An asymmetric intramolecular Cannizzaro reaction of aryl and alkyl glyoxals with alcohols has been realized with an unprecedented high level of enantioselectivity, on the basis of a newly developed congested TOX ligand and a gradual liberation protocol of active glyoxals from glyoxal monohydrates. Preliminary results suggested a mechanism of enantioselective addition of alcohols to glyoxals contributing most to the stereoselectivity, other than by the dynamic kinetic resolution of hemiacetal intermediates.

Asymmetric 1,2-Perfluoroalkyl Migration: Easy Access to Enantioenriched α-Hydroxy-α-perfluoroalkyl Esters

This study has led to the development of a novel, highly efficient, 1,2-perfluoro-alkyl/-aryl migration process in reactions of hydrate of 1-perfluoro-alkyl/-aryl-1,2-diketones with alcohols, which are promoted by a Zn(II)/bisoxazoline and form α-perfluoro-alkyl/-aryl-substituted α-hydroxy esters. With (-)-8-phenylmenthol as the alcohol, the corresponding menthol esters are generated in high yields with excellent levels of diastereoselectivity. The mechanistic studies show that the benzilic ester-type rearrangement reaction takes place via an unusual 1,2-migration of electron-deficient trifluoromethyl group rather than the phenyl group. The overall process serves as a novel, efficient, and simple approach for the synthesis of highly enantioenriched, biologically relevant α-hydroxy-α-perfluoroalkyl carboxylic acid derivatives.

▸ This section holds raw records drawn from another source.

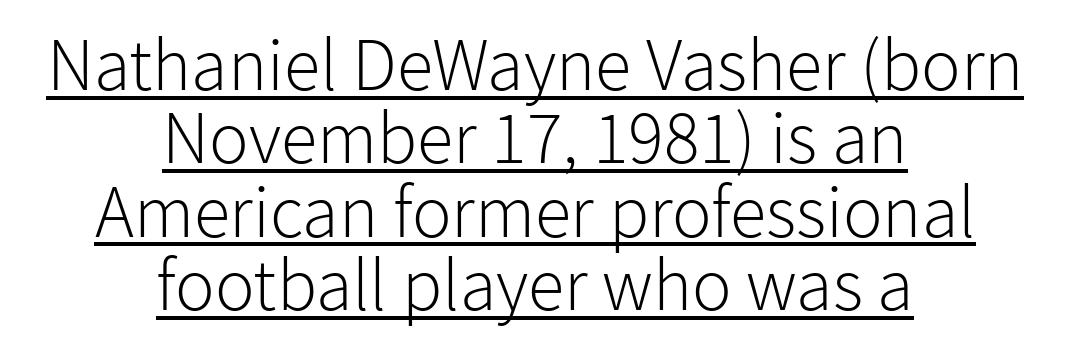
{"serif": "no", "italic": "no", "bold": "no", "weight": "light", "width": "normal", "stroke_contrast": "low", "x_height": "medium", "monospaced": "no", "underline": "yes", "align": "center", "line_spacing": "tight", "line_spacing_ratio": 0.99, "letter_spacing": "normal", "letter_spacing_em": 0.0, "glyph_px": 74}
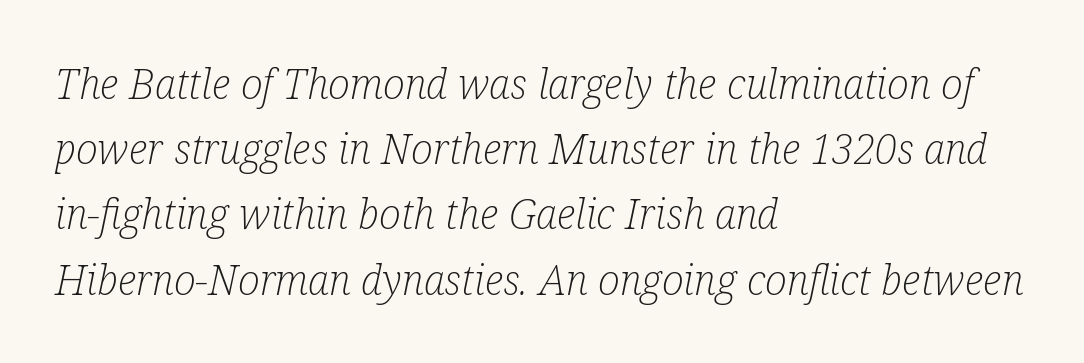
{"serif": "yes", "italic": "yes", "lean": "right", "slant_degrees": 12, "bold": "no", "weight": "light", "width": "condensed", "stroke_contrast": "low", "x_height": "medium", "monospaced": "no", "underline": "no", "align": "left", "line_spacing": "normal", "line_spacing_ratio": 1.59, "letter_spacing": "normal", "letter_spacing_em": 0.0, "glyph_px": 41}
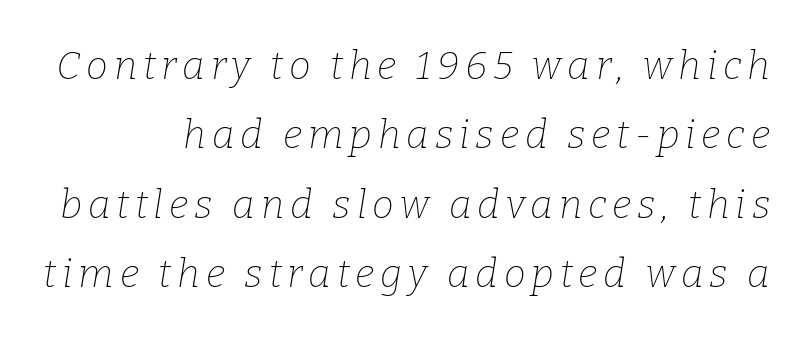
The image shows 39 px thin serif type, italic (leaning right); set line spacing 1.78x, not underlined; low stroke contrast and a medium x-height.
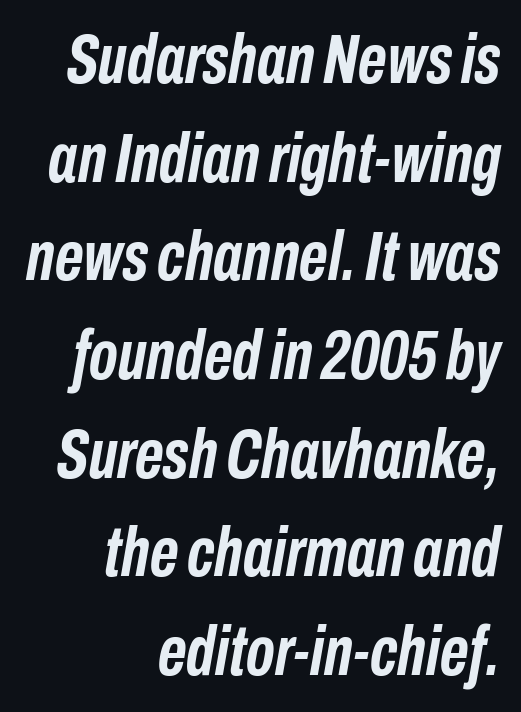
The image shows 70 px semibold, condensed type, italic (leaning right); set right-aligned, normal line spacing (1.41x), normal letter spacing, not underlined; low stroke contrast and a medium x-height.
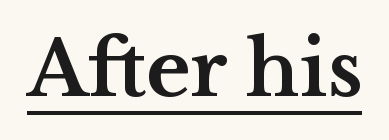
Is there an underline? Yes — a line sits under the letters. When letters stand straight like this, we call the style roman or upright. Old-style or modern, the face here clearly has serifs. Varying glyph widths throughout — classic text-font behaviour. Typesetter's note: full bold, strokes at maximum text heaviness.
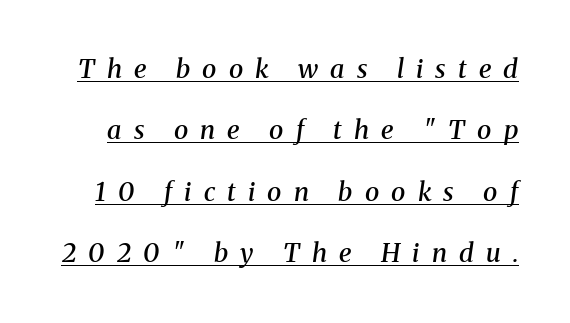
Quick note: italic. In terms of leading, this rendering errs on the spacious side. Emphasis by weight is partial: semibold. Check the space under the baseline: a stroke is drawn there.
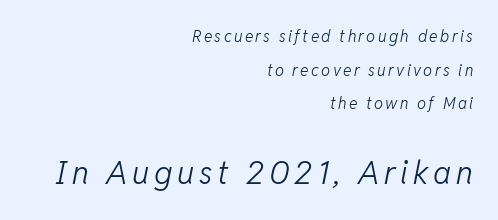
Note: smaller setting up top, larger setting below. Spacing verdict: proportional, widths tailored to each character. These lines stand farther apart than default settings would place them. Check under the words: just untouched page. The text carries the slant typical of an italic or oblique font. Notice how the passage keeps a crisp vertical edge on the right only.
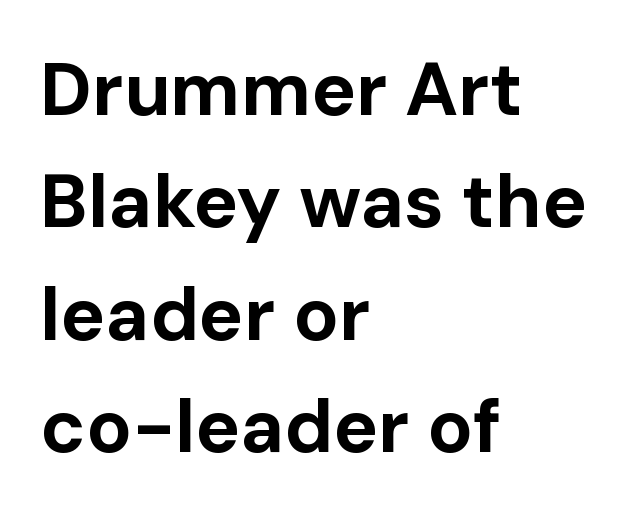
{"serif": "no", "italic": "no", "bold": "yes", "weight": "bold", "width": "normal", "stroke_contrast": "low", "x_height": "medium", "monospaced": "no", "underline": "no", "align": "left", "line_spacing": "normal", "line_spacing_ratio": 1.5, "letter_spacing": "normal", "letter_spacing_em": 0.0, "glyph_px": 75}
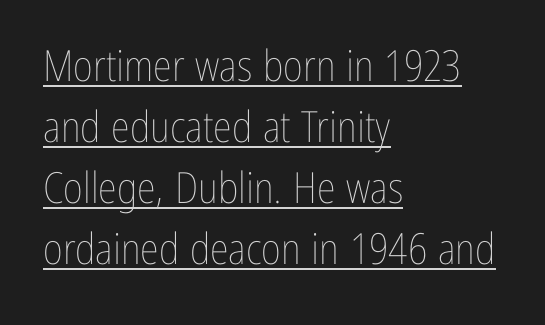
Q: Is the text bold? A: No.
Q: Is the text italic (slanted)? A: No, it is upright.
Q: Is the text underlined? A: Yes.
Q: How is the paragraph aligned? A: Left-aligned.
Q: Is the spacing between letters normal or unusually wide? A: Normal.
Q: Is the spacing between lines tight, normal or loose? A: Normal.
Q: Width (condensed, normal, or wide)? A: Condensed.
Q: Stroke contrast? A: Low.
Q: x-height? A: Medium.
Q: Monospaced? A: No.
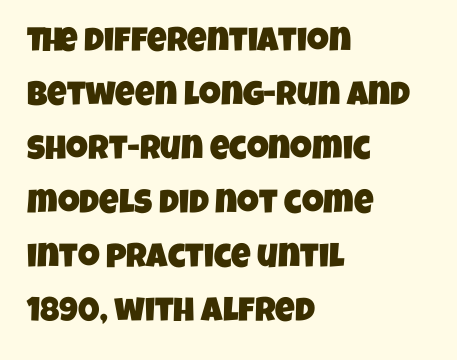
{"serif": "no", "width": "condensed", "stroke_contrast": "low", "x_height": "large", "monospaced": "no", "underline": "no", "align": "left", "line_spacing": "normal", "line_spacing_ratio": 1.59, "letter_spacing": "normal", "letter_spacing_em": 0.0, "glyph_px": 34}
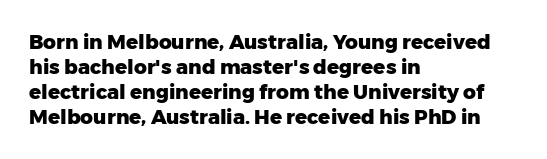
{"italic": "no", "bold": "yes", "underline": "no", "align": "left", "line_spacing": "normal", "line_spacing_ratio": 1.25, "letter_spacing": "normal", "letter_spacing_em": 0.0, "glyph_px": 20}
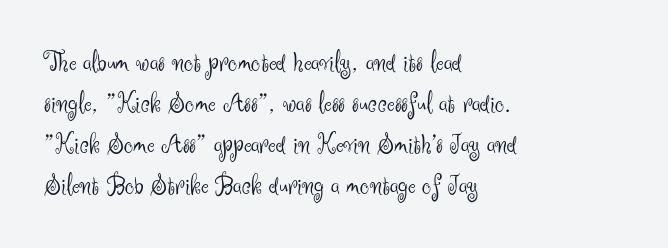
The type family on display is of the sans-serif kind. What's the leading like? Ordinary, nothing unusual. Alignment: flush left. Note the varied advance widths — an 'i' is clearly narrower than an 'm'. Is the letter spacing exaggerated? No — it looks like the ordinary default. Stroke mass is kept to a normal reading level or below.
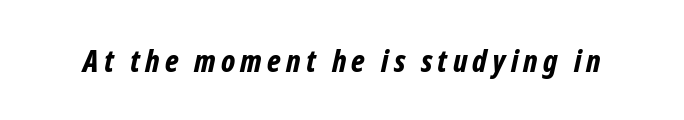
The image shows 31 px bold, condensed type, italic (leaning right); set not underlined; low stroke contrast and a medium x-height.
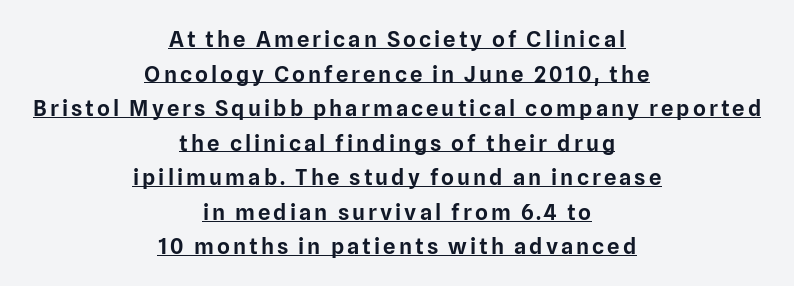
Q: Is the text italic (slanted)? A: No, it is upright.
Q: Is the text underlined? A: Yes.
Q: How is the paragraph aligned? A: Centered.
Q: Is the spacing between lines tight, normal or loose? A: Normal.
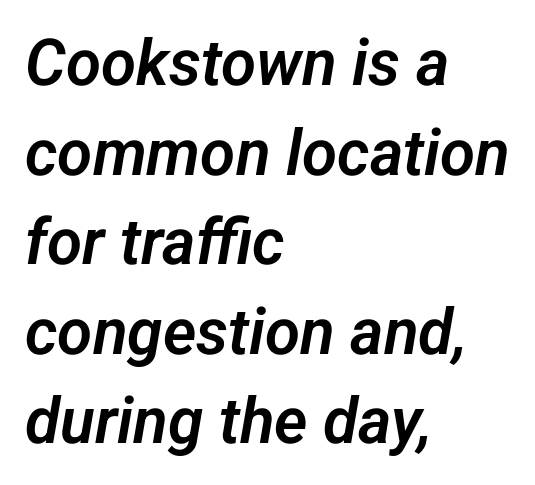
Q: Is the typeface a serif or a sans-serif typeface? A: Sans-serif.
Q: Is the text underlined? A: No.
Q: How is the paragraph aligned? A: Left-aligned.
Q: Is the spacing between letters normal or unusually wide? A: Normal.
Q: Is the spacing between lines tight, normal or loose? A: Normal.
Q: Width (condensed, normal, or wide)? A: Normal.
Q: Stroke contrast? A: Low.
Q: x-height? A: Medium.
Q: Monospaced? A: No.

A sidearm-assisted phosphine for catalytic ylide intramolecular cyclopropanation

The first phosphine-catalyzed cyclopropanation reaction via covalent ylide catalysis has been realized with high efficiency in the presence of sidearm-assisted phosphine catalysts. An ether sidearm group is found critical to turn on the catalytic activity. Crystal structures of the catalyst-derived phosphonium salts indicated a significant O⋯P+ interaction between the pendant ether oxygen and the phosphonium center, which is believed to favor the catalyst regeneration. DFT calculations rationalize the insight of the sidearm effects.